It's All in the Waves

      Today's post is pretty much a follow up on yesterday's.  I went from a report on a hundred year old Lake Superior shipwreck just found, to going over other Great Lakes shipwrecks, and related storm damage.  I wanted to explain why the shipwrecks are so devastating during Great Lakes storms. 
      As the title of the post says, it's all in the waves.  Although looking across one of the Great Lakes pretty much looks the same as looking across an ocean the waves are completely different.  An ocean is thousands by many thousands of miles across.  You can't tell that standing from shore, because the circumference of the earth doesn't let you see past twenty miles (that's why it looks the same looking out over Lake Superior or one of the other Great Lakes - I've never been there, but I'm sure that looking across Lake Winnipeg or Lake Manitoba would give the same effect).  Not only do oceans have unbelievable amounts of surface area, but they are several miles deep as well. The Marianas Trench is about 8 miles deep.  That is some unimaginable volume.  The deepest part of Lake Superior, by comparison, is a little over 1300 feet, while the average depth is about 500 feet.  Lake Erie is very shallow by comparison to Lake Superior, and even the other Great Lakes, which have an average depth around 200 to 250 feet. 
      That much volume of water makes it behave in certain ways.  Waves of course are bigger and have a much wider arc.  Prevailing westerlies prevail, and the oceans are susceptible to the tidal forces of the moon and the sun.  Even big Lake Superior has no noticeable tide, and the winds blow across it from any direction.  Being so much shallower by comparison, the wave never reach the size or arc that they do on the oceans.  The biggest they get is about 20 feet high, and sometimes 30 feet have been reported, but that is only in storms.  20 feet is what you get on a "nice" day in the oceans when the "surf's up."  
      When you get waves that high in the Great Lakes they are more choppy.  They are still fairly narrow, compared with an ocean wave.  They still have a narrow arc.  They just get taller during a storm, but not much wider.  
      Think of your favorite fishing lake.  When you go out in your little 15 to 20 foot boat, and the winds pick up, the waves become very choppy.  If they hit your boat from the side, it has the tendency to want to roll.  When you steer your boat into the waves you hear and feel a big slap with each wave.  It is because of the shallowness of the lake the waves get taller, but not much wider.  
      The results of this principle can be seen in the pictures below. 

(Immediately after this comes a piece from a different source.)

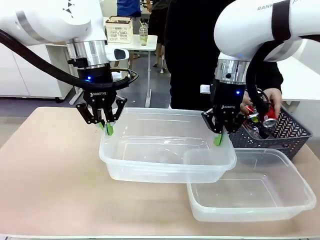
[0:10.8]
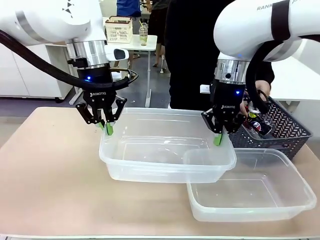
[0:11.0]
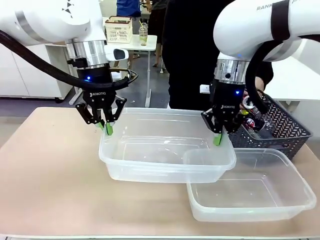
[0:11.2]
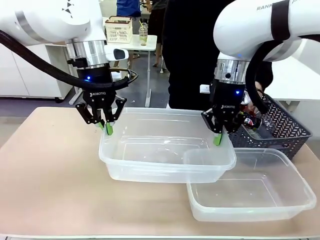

      An ore freighter on one of the Great Lakes on a normal day.  On an ocean on a normal day it looks pretty much the same. 

      On an ocean during a storm, the waves are huge, and often many times the length of a ship.  They ride within the waves going up them, over the peak, and back down again.  This is when many people get seasick and things roll all over in the galley and everywhere else.  Every time they hit the peak of the wave, it washes over them.  

      Lake Superior (or other Great Lakes) during a storm.  The waves get much bigger, but don't grow as wide as they do tall.  The result is that wave slapping phenomenon.  The waves slap the ship when they hit it, and then wash over.  Worse than that, in the bigger storms the ship is actually suspended between two waves.  Ships are not meant to be carried like that.  It doesn't do to well for their structural integrity.  

      The result of this stress, especially when repeated for wave after wave, is that the ship "breaks her back."  This is what happened to the Edmund Fitzgerald.  It has also happened to many other ships.  During the great storm of 1913 when the Henry B. Smith went down, many of the ships that were lost had their "backs broken."  The same thing happened to many of the ships that were lost during the storm that destroyed the S.S. Mataffa.